#### PROMPT
Among the entries below, one line contains "మాఱుగా లేనిపోనివి కల్పి చెప్పుట యసత్యమనబడు." and another contains "మృతిఁజెందినఁ జెందవచ్చు. ఈయసత్యమాడువారు ఘోరన". Transcribe those two lines and every line between them, exactly.
SOURCE DATA Block Start
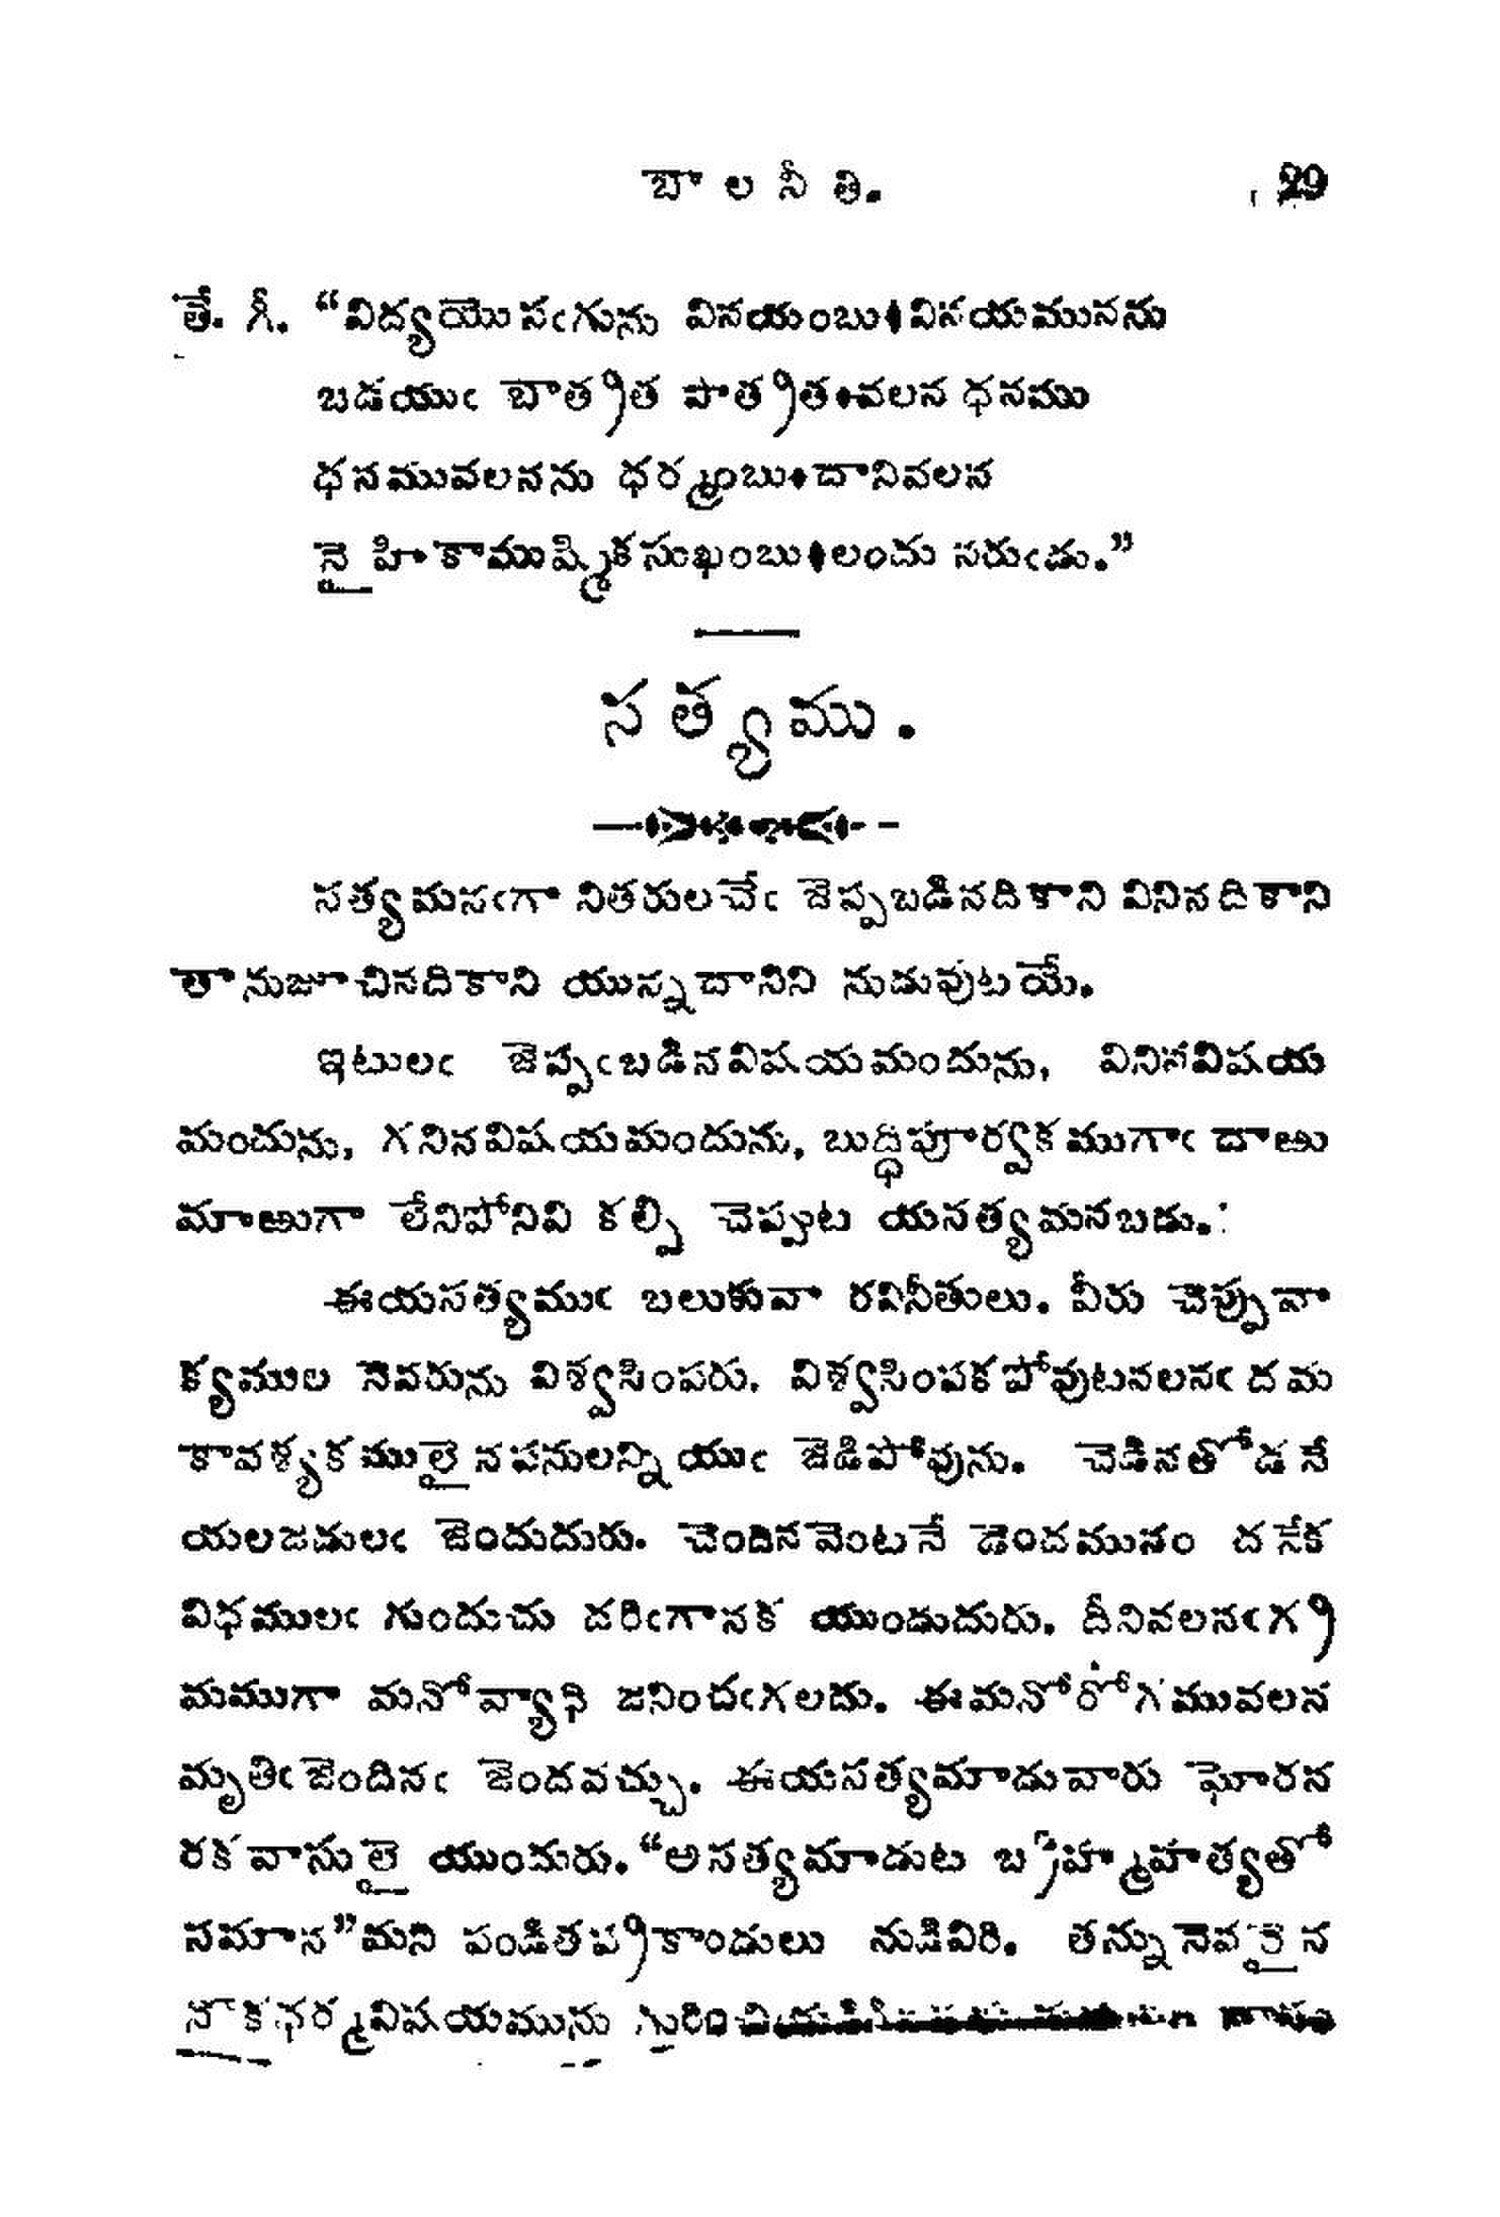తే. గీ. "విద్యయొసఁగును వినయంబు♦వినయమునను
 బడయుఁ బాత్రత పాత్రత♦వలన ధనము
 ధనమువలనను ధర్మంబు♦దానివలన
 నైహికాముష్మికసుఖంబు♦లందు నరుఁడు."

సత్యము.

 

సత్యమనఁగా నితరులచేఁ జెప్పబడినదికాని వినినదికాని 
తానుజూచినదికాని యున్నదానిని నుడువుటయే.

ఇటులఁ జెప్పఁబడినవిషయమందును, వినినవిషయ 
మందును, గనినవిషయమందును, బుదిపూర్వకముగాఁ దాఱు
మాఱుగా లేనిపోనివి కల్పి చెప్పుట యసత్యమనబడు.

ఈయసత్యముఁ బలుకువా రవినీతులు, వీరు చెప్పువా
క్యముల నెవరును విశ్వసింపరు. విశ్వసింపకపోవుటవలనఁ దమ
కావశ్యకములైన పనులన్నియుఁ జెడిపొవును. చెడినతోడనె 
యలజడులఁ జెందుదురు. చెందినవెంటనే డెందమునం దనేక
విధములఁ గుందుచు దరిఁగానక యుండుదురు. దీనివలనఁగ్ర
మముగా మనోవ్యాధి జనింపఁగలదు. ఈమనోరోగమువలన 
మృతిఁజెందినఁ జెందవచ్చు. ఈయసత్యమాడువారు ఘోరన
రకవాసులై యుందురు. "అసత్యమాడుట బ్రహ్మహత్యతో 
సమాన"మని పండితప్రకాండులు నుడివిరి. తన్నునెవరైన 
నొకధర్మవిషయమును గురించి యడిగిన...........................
SOURCE DATA Block End
SOURCE DATA Block Start
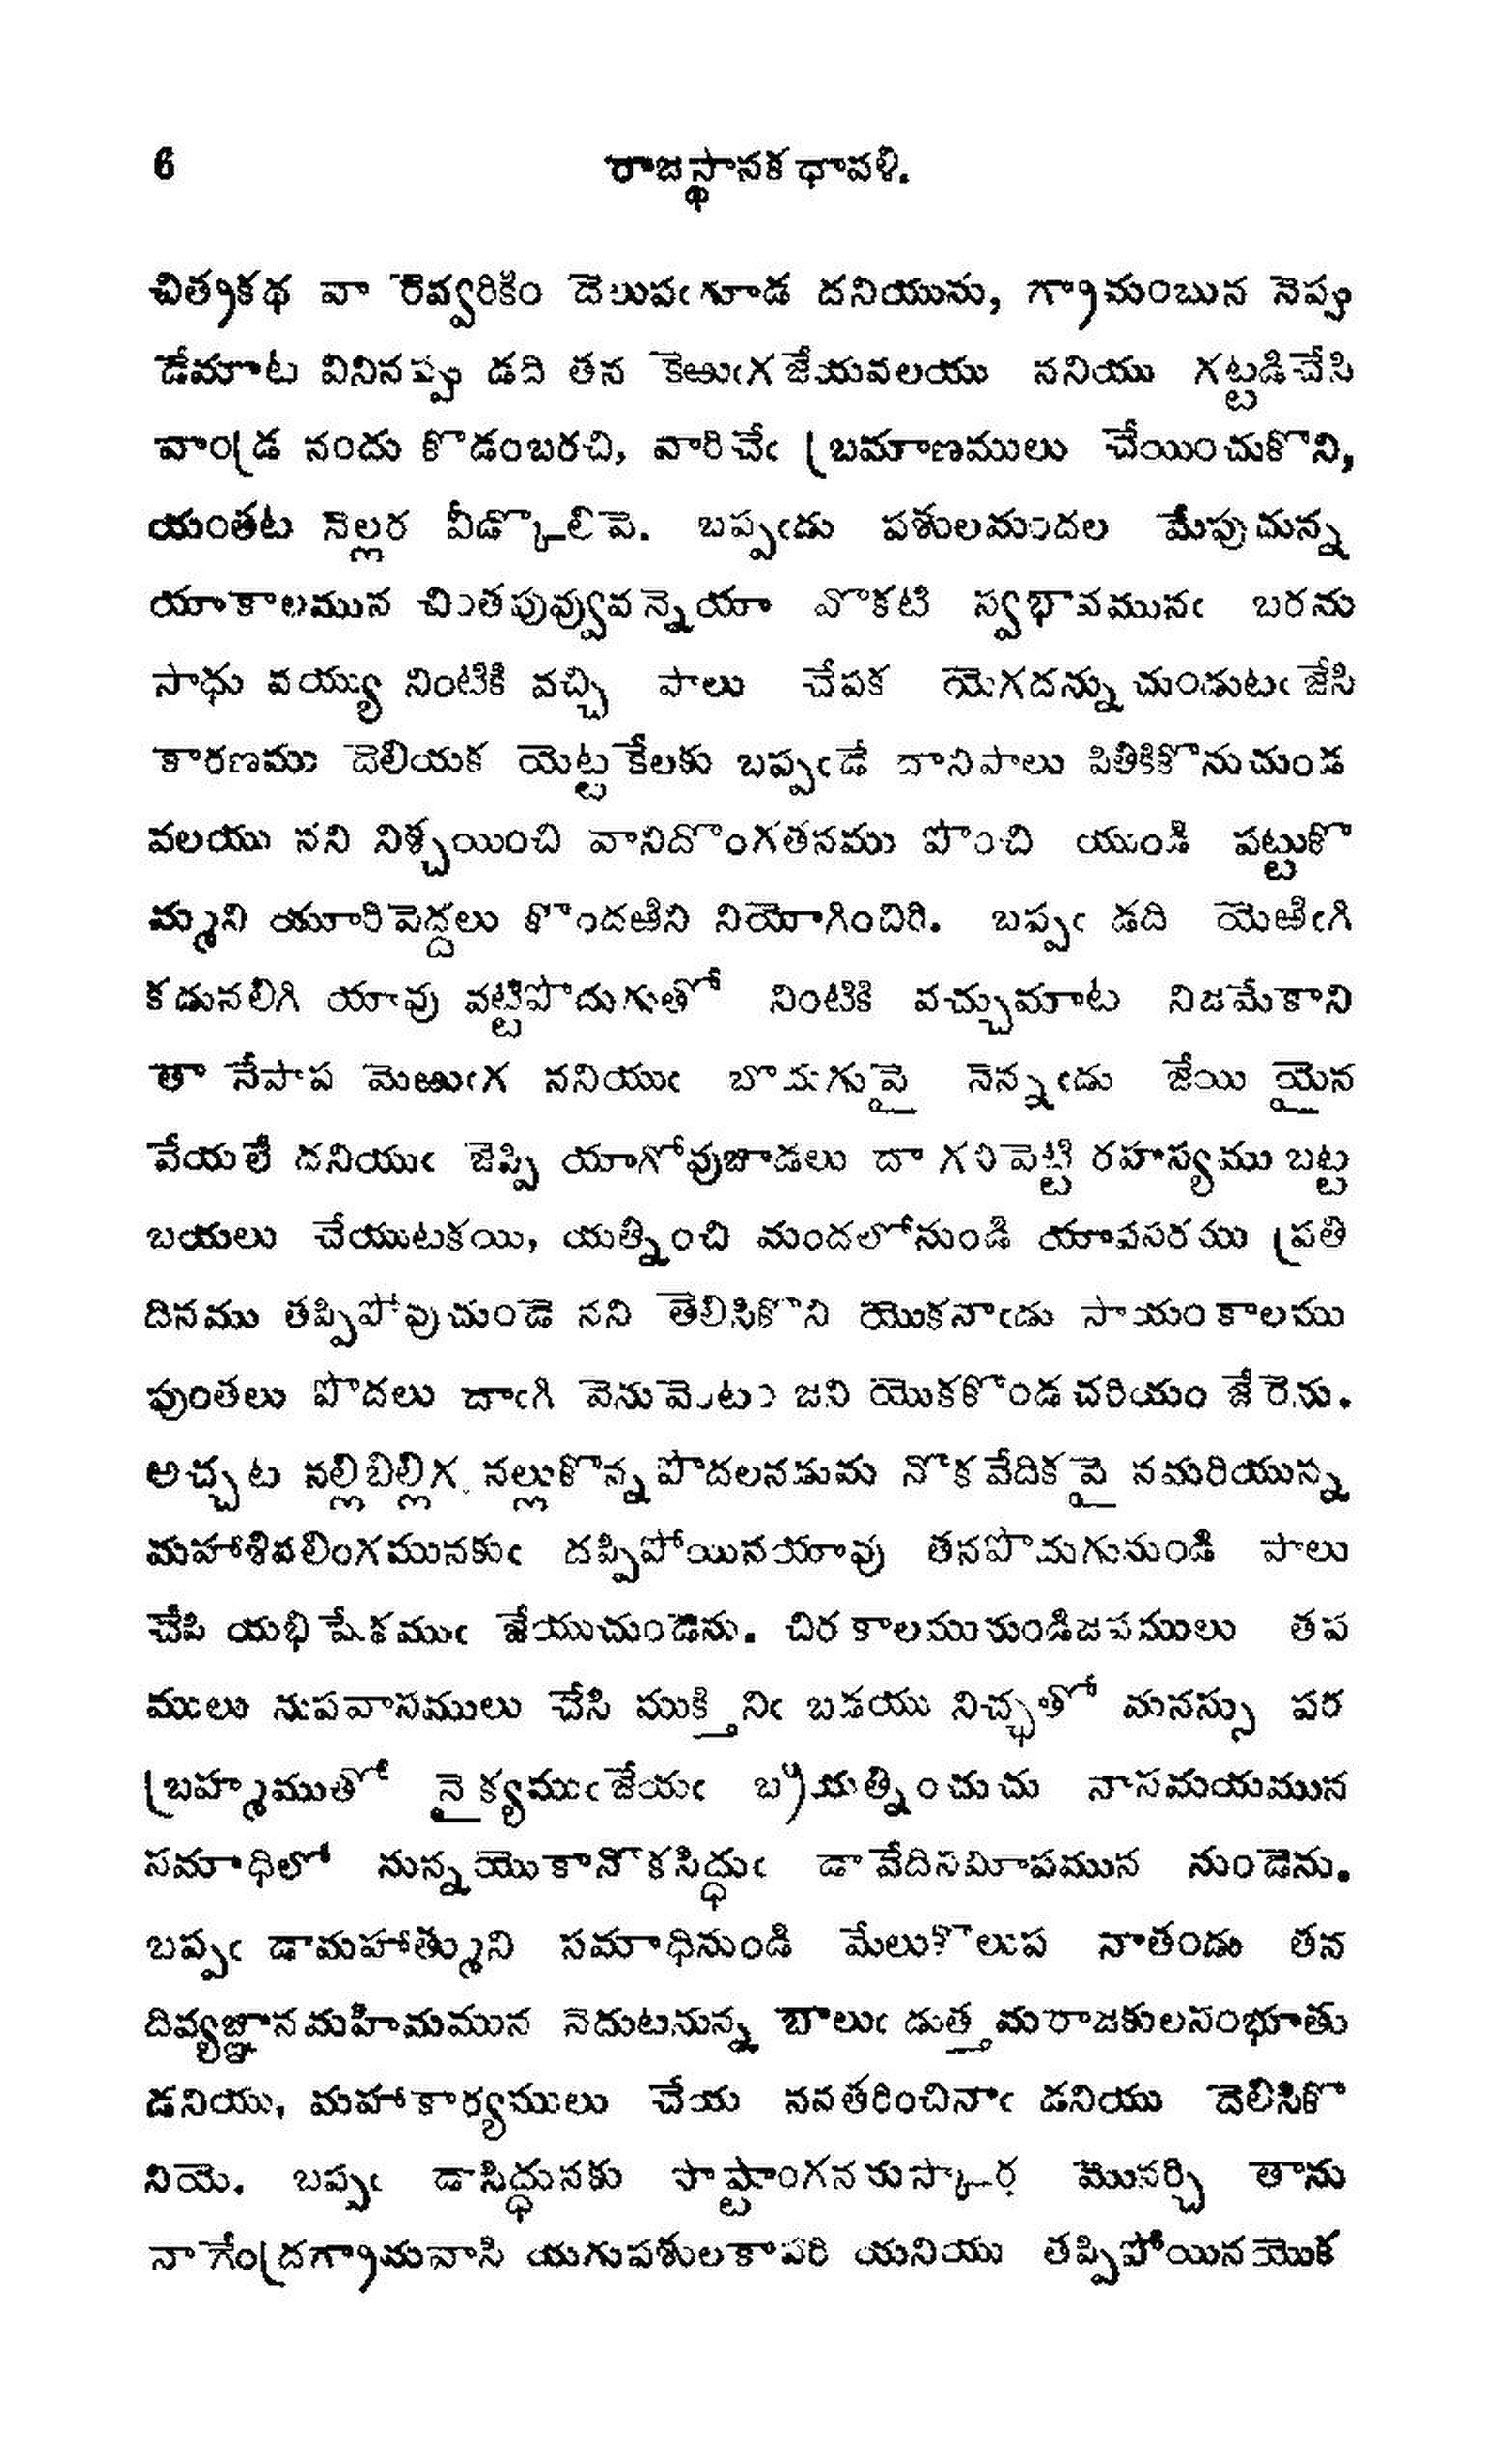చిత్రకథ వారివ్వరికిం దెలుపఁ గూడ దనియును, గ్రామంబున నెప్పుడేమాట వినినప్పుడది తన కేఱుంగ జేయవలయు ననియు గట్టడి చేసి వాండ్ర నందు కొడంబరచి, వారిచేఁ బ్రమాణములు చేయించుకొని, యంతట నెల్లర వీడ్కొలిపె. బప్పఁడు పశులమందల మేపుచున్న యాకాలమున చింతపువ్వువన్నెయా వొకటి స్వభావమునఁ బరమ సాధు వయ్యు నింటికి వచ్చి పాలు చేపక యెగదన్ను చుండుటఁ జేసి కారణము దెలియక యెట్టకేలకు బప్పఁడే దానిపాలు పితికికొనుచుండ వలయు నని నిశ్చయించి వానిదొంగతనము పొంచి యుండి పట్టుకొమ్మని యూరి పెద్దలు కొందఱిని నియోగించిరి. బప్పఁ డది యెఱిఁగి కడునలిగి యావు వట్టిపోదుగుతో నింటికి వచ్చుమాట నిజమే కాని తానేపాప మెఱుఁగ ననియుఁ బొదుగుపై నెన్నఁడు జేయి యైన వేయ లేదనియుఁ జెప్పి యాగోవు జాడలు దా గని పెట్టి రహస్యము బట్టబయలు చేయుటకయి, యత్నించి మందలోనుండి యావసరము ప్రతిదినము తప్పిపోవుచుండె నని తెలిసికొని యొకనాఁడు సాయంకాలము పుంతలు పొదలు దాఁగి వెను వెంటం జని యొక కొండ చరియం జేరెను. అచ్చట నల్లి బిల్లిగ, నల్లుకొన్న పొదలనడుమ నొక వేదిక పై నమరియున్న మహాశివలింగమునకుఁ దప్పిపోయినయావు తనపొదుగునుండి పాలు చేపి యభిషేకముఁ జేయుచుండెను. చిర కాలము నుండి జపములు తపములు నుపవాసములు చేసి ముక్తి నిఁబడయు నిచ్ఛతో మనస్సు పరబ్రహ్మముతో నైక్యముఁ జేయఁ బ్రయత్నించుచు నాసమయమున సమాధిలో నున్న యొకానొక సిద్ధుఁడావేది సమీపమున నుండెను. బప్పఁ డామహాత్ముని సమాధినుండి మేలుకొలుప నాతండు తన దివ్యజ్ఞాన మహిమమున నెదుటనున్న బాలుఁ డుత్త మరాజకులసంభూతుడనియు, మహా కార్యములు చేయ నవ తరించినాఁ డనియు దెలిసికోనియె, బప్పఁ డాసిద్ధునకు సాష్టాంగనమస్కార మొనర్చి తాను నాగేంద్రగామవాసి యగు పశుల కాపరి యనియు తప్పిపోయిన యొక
SOURCE DATA Block End
#### RESPONSE
మాఱుగా లేనిపోనివి కల్పి చెప్పుట యసత్యమనబడు.

ఈయసత్యముఁ బలుకువా రవినీతులు, వీరు చెప్పువా
క్యముల నెవరును విశ్వసింపరు. విశ్వసింపకపోవుటవలనఁ దమ
కావశ్యకములైన పనులన్నియుఁ జెడిపొవును. చెడినతోడనె 
యలజడులఁ జెందుదురు. చెందినవెంటనే డెందమునం దనేక
విధములఁ గుందుచు దరిఁగానక యుండుదురు. దీనివలనఁగ్ర
మముగా మనోవ్యాధి జనింపఁగలదు. ఈమనోరోగమువలన 
మృతిఁజెందినఁ జెందవచ్చు. ఈయసత్యమాడువారు ఘోరన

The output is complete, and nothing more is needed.